Unnamed: 0,satisfaction_level,last_evaluation,number_project,average_montly_hours,time_spend_company,Work_accident,left,promotion_last_5years,sales,salary
0,0.38,0.53,2,157,3,0,1,0,sales,low
1,0.8,0.86,5,262,6,0,1,0,sales,medium
2,0.11,0.88,7,272,4,0,1,0,sales,medium
3,0.72,0.87,5,223,5,0,1,0,sales,low
4,0.37,0.52,2,159,3,0,1,0,sales,low


In [5]:
data.info()

<class 'pandas.core.frame.DataFrame'>
RangeIndex: 14999 entries, 0 to 14998
Data columns (total 10 columns):
satisfaction_level       14999 non-null float64
last_evaluation          14999 non-null float64
number_project           14999 non-null int64
average_montly_hours     14999 non-null int64
time_spend_company       14999 non-null int64
Work_accident            14999 non-null int64
left                     14999 non-null int64
promotion_last_5years    14999 non-null int64
sales                    14999 non-null object
salary                   14999 non-null object
dtypes: float64(2), int64(6), object(2)
memory usage: 1.1+ MB


In [6]:
data.describe().T

Unnamed: 0,count,mean,std,min,25%,50%,75%,max
satisfaction_level,14999.0,0.612834,0.248631,0.09,0.44,0.64,0.82,1.0
last_evaluation,14999.0,0.716102,0.171169,0.36,0.56,0.72,0.87,1.0
number_project,14999.0,3.803054,1.232592,2.0,3.0,4.0,5.0,7.0
average_montly_hours,14999.0,201.050337,49.943099,96.0,156.0,200.0,245.0,310.0
time_spend_company,14999.0,3.498233,1.460136,2.0,3.0,3.0,4.0,10.0
Work_accident,14999.0,0.14461,0.351719,0.0,0.0,0.0,0.0,1.0
left,14999.0,0.238083,0.425924,0.0,0.0,0.0,0.0,1.0
promotion_last_5years,14999.0,0.021268,0.144281,0.0,0.0,0.0,0.0,1.0


In [7]:
data.describe(include=['O']).T

Unnamed: 0,count,unique,top,freq
sales,14999,10,sales,4140
salary,14999,3,low,7316


In [11]:
# Rename two columns to fix typo, convert to lowercase
data.rename(columns={'average_montly_hours': 'average_monthly_hours',
                     'Work_accident': 'work_accident'}, inplace=True)
data.head()

Unnamed: 0,satisfaction_level,last_evaluation,number_project,average_monthly_hours,time_spend_company,work_accident,left,promotion_last_5years,sales,salary
0,0.38,0.53,2,157,3,0,1,0,sales,low
1,0.8,0.86,5,262,6,0,1,0,sales,medium
2,0.11,0.88,7,272,4,0,1,0,sales,medium
3,0.72,0.87,5,223,5,0,1,0,sales,low
4,0.37,0.52,2,159,3,0,1,0,sales,low


## Probability, Expectation Values, and Variance

The concepts of probability, expectation values, and variance are the bedrock of statistical inference.  Let's begin by employing some of these concepts to see if we can find some interesting paths to go down which may provide some insight into the inner workings of this company.

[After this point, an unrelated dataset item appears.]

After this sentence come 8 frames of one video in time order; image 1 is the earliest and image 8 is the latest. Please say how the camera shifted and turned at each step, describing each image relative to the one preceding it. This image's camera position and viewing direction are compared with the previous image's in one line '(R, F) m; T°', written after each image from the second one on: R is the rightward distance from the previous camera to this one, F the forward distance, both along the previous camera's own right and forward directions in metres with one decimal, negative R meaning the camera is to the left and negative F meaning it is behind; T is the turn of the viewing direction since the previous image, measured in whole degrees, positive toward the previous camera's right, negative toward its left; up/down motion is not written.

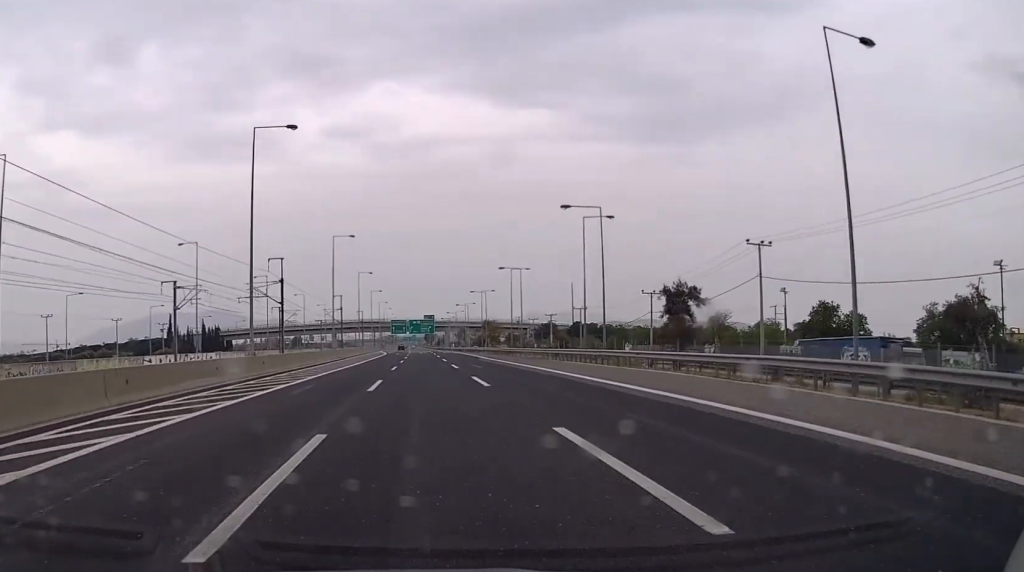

1. What is the probability that a randomly selected employee left the company?  What about experienced a work accident?  Also compute the probability that a randomly selected employee left the company and experienced a work accident.
1. Compute the 25th, 50th, and 90th percentiles for the satisfaction level score for all employees that left the company.  Compare these results to the same percentiles for those that did not leave.  What can you say about the results?
1. Compute the variance and standard deviation of hours worked.
1. Compare the variance between the satisfaction levels of employees who left versus those who stayed.  Which is larger?  What does this mean?
1. Compute the mean satisfaction level for each salary category.  Comment on your results.
1. Given an employees salary level (low, medium, or high), calculate the probability that they worked more than two standard deviations of the average monthly hours across all groups.  In other words, compute
$$P(hours > 2\sigma \vert salary ) = \dfrac{P(salary \vert hours > 2\sigma) P(hours > 2\sigma)}{P(salary)}$$
1. What can you say about your results in part 6?
1. Repeat parts 6 and 7 for 
$$P(left \vert salary ) = \dfrac{P(salary \vert left) P(left)}{P(salary)}$$
1. What is the odds ratio of an employee with a high salary getting a promotion within the past five years versus a low salary employee?  Comment on your results.
1. Suppose we were to pull a random sample of size 50 of employee satisfaction levels.  What would approximately be the mean of this sample?  What would be the mean of, say, 10 sets of random samples?  Demonstrate your assertions by writing some python code to do just that.


In [26]:
# Question 1
# Get total number of employees that left, find proportion of total
left_count = data.left.value_counts()[1]
prob_left = left_count / len(data.left)

# Get total number of employees who experienced an accident, find proportion of total
accident_count = data.work_accident.value_counts()[1]
prob_accident = accident_count / len(data.work_accident)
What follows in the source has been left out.